Quote from: listener on April 18, 2013, 04:28:30 PM
BBC Proms 2013 just announced
http://www.bbc.co.uk/proms

Very nice programs.

Would love to see this all DOWLAND program and THIS ONE featuring Gorecki and Tchaikovsky's best symphonies.



Lisztianwagner

Quote from: listener on April 18, 2013, 04:28:30 PM
BBC Proms 2013 just announced
http://www.bbc.co.uk/proms

How amazing, I saw the programme yesterday; there will be lots of wonderful concerts, lots of Wagner's operas. ;D
"Tradition is not the worship of ashes, but the preservation of fire." - Gustav Mahler

Papy Oli

Booked a couple of Snape concerts during the Aldeburgh festival in June :

**********
Sandrine Piau (soprano)
Susan Manoff (piano)


Mendelssohn - Neue Liebe; Nachtlied; Hexenlied (Andres Maienlied)
Chausson - Amour d'antan; Dans la forêt du charme et de l'enchantement; Les heures
Berg - Seven Early Songs
Debussy - Fêtes Galantes Book I
Richard Strauss - Morgen; Die Nacht Op 10 No 3; Ständchen
Schoenberg - Four Songs Op 2
Britten - The Sally Gardens; There's none to soothe; I wonder as I wander

**********

Quatuor Mosaïques

Purcell - Three Fantasias
Haydn Quartet - Op.76 No.6
Schubert - Quartet No.15 in G major

Looking forward to seeing them again - they are one of my best live memories to date.

*********

Christian Zacharias (piano)

Scarlatti - Sonata in B minor K27
Brahms - Rhapsody in B minor op.79 No.1
Mozart - Adagio in B minor KV 540
Haydn - Sonata in B minor Hob.XVI: 32
Schubert - Moments Musicaux; Impromptu No.3 in B-flat major

********
Olivier

bhodges

This week, going to three of the six "Spring for Music" concerts at Carnegie. The program brings six orchestras from around the country - groups selected for their unusual programs, and all tickets are priced at $25.

Monday
Baltimore Symphony Orchestra
Marin Alsop, music director

John Adams: Shaker Loops
Jennifer Higdon: Concerto 4-3 (Time for Three, string trio, New York Premiere)
Prokofiev: Symphony No. 4 (1947 version)

Friday
Detroit Symphony Orchestra
Leonard Slatkin, music director

"IVES IMMERSION"
Charles Ives: Symphony No. 1
Charles Ives: Symphony No. 2
Charles Ives: Symphony No. 3
Charles Ives: Symphony No. 4

Saturday
National Symphony Orchestra
Christoph Eschenbach, music director

"A TRIBUTE TO SLAVA"
Shchedrin: Slava, Slava – A Festive ringing of bells
Schnittke: Viola Concerto (David Aaron Carpenter, viola)
Shostakovich: Symphony No. 5

--Bruce

HIPster

Looks great Bruce!

Have fun.

On Sunday, May 12, I'll be attending a concert by the Oregon Bach Collegium.  Very excited!

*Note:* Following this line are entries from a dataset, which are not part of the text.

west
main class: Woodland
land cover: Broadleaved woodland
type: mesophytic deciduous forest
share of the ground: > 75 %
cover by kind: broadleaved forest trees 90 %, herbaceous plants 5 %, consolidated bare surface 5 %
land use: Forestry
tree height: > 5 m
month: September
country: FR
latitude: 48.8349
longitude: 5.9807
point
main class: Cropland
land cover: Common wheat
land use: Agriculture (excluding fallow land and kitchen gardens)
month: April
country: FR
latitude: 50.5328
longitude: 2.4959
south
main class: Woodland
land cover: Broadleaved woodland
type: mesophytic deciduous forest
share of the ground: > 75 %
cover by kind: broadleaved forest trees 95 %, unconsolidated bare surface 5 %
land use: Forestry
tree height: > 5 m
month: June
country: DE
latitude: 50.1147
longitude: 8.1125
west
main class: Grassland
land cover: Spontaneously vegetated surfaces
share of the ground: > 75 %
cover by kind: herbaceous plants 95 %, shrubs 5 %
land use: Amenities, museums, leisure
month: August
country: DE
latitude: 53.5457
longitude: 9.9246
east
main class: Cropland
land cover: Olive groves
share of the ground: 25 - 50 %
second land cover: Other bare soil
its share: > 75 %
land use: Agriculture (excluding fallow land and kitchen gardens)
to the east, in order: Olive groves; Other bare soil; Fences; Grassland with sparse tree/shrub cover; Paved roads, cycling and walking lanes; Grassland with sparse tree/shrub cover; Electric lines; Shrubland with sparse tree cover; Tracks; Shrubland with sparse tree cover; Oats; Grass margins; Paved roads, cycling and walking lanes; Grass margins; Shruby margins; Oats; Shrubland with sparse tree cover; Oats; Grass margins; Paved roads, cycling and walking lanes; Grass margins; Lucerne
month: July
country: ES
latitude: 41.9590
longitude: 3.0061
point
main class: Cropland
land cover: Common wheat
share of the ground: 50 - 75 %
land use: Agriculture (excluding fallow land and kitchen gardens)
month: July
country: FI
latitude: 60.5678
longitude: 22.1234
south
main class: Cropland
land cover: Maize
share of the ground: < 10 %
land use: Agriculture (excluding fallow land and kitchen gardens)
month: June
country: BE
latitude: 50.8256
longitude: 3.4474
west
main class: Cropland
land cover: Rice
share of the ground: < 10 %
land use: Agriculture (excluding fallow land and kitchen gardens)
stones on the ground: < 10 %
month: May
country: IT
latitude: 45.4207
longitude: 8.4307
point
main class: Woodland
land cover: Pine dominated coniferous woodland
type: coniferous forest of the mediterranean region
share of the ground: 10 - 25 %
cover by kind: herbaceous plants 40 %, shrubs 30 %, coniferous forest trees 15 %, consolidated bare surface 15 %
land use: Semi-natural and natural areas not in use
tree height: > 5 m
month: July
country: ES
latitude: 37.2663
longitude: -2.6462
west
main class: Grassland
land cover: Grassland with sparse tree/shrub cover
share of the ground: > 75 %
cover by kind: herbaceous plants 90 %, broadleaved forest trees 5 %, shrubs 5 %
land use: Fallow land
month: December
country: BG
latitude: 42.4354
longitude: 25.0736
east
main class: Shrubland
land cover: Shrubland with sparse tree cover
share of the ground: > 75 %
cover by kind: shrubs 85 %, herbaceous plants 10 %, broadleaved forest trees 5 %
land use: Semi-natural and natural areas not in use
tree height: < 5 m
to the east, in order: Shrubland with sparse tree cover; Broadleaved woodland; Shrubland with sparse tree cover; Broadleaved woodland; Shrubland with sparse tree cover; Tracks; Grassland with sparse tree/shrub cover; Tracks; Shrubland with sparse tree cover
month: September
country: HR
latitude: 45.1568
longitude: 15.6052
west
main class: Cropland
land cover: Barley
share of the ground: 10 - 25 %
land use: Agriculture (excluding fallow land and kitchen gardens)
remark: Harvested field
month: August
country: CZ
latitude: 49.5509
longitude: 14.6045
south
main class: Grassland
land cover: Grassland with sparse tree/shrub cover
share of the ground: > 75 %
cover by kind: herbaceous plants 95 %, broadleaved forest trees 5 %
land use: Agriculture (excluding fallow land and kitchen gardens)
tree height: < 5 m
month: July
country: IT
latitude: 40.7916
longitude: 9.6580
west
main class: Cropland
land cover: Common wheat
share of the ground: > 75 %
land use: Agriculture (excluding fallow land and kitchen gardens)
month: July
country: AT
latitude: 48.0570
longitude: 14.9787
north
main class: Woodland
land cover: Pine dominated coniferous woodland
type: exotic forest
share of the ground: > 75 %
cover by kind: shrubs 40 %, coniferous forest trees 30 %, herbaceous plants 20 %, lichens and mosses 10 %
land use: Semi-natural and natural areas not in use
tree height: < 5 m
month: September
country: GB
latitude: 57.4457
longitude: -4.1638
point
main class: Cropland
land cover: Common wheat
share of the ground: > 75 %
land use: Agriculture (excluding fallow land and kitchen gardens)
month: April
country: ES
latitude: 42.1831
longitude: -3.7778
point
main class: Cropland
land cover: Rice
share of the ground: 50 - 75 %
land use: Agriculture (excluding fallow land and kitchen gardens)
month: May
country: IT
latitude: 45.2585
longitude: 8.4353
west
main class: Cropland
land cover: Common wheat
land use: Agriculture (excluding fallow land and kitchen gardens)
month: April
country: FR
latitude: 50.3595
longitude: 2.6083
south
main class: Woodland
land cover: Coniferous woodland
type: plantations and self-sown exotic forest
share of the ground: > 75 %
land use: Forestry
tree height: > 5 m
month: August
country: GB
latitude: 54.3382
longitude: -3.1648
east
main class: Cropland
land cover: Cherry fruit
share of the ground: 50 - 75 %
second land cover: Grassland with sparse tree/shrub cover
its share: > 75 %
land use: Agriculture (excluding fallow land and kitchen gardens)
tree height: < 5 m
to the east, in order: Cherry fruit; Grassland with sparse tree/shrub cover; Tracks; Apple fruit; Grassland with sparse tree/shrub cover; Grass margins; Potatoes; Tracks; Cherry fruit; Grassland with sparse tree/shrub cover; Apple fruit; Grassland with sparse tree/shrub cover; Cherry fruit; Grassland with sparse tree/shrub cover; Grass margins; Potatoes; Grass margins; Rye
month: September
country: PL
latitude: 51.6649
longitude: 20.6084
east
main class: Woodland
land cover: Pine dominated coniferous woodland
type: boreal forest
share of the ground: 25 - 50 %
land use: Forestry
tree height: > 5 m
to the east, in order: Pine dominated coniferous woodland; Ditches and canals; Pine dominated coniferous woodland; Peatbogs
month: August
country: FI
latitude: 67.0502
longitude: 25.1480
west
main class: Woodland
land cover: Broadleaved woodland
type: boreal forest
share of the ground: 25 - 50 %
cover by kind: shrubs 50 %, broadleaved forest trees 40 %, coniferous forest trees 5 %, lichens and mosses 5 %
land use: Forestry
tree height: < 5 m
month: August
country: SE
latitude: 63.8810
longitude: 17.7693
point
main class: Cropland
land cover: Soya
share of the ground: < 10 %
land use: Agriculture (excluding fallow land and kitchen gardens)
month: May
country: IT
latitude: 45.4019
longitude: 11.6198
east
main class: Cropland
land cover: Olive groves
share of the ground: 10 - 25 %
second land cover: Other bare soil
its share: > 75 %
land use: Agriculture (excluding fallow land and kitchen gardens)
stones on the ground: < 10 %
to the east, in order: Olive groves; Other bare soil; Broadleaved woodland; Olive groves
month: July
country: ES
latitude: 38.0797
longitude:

A nice PI group.  No fancy stuff at all.  Their concerts are quite relaxed and all about the joy of music: making music and listening to music.  So very "hip."

http://www.oregonbachcollegium.org/

Oregon Bach Collegium presents "Stylus Phantasticus: Music of Biber and Friends"

Sunday, May 12th, 3PM at United Lutheran Church, 22nd & Washington, Eugene.

Oregon Bach Collegium presents its last program of the season with "Stylus Phantasticus: Music of Biber and Friends" performed by the Oregon Bach Collegium strings directed by baroque violinist Michael Sand. The 17th century Austrian school of violin playing/composing went the Italians one further, with the development of polyphonic methods of violin playing, using deliberate mis-tunings (called "scordatura") to render double- and triple-stopping easier. Thus, a piece such as Heinrich von Biber's Partita No. 2 for Two Violins & Basso Continuo (harpsichord & viola da gamba), with the use of multiple stopping, sounds like an entire string band. Other pieces in fact use the string band, such as Johann Heinrich Schmelzer's "Fencing School", and Philip Heinrich Erlebach's Ouverture No. 4.

Georg Gottlieb Muffat's Sonata da Camera No. 5 will feature Michael Sand, as soloist. Michael is one of America's foremost exponents of the baroque violin (called by Isaac Stern "a most convincing exponent" of the instrument). Michael was also founding music director of San Francisco's Philharmonic Baroque Orchestra and is founder/director of Arcangeli Baroque Strings.

Tickets $10, $5 students, at the door or on-line. For more information, (541) 683-6648.
Wise words from Que:

Never waste a good reason for a purchase....  ;)

listener

Should we use this thread for music heard live and leave the other one for recordings?
Live tonight, Vancouver Symphony, Ingrid Fliter, piano    Kazuyoshi Akiyama, cond.
BERLIOZ:  Le Corsair     MENDELSSOHN: Piano Concerto no. 1
BARTOK:  Divertimento for Strings      R. STRAUSS: Til Eulenspiegel
Conservative programming (including the Bartok), very fine performances.  Akiyama kept the dynamics under control so they could always get louder without losing tone.  Splendid playing by Fliter.
"Keep your hand on the throttle and your eye on the rail as you walk through life's pathway."

North Star

Tonight (actually yesterday by now):

Johannes Gustavsson & Oulu SO, Juho Pohjonen (piano)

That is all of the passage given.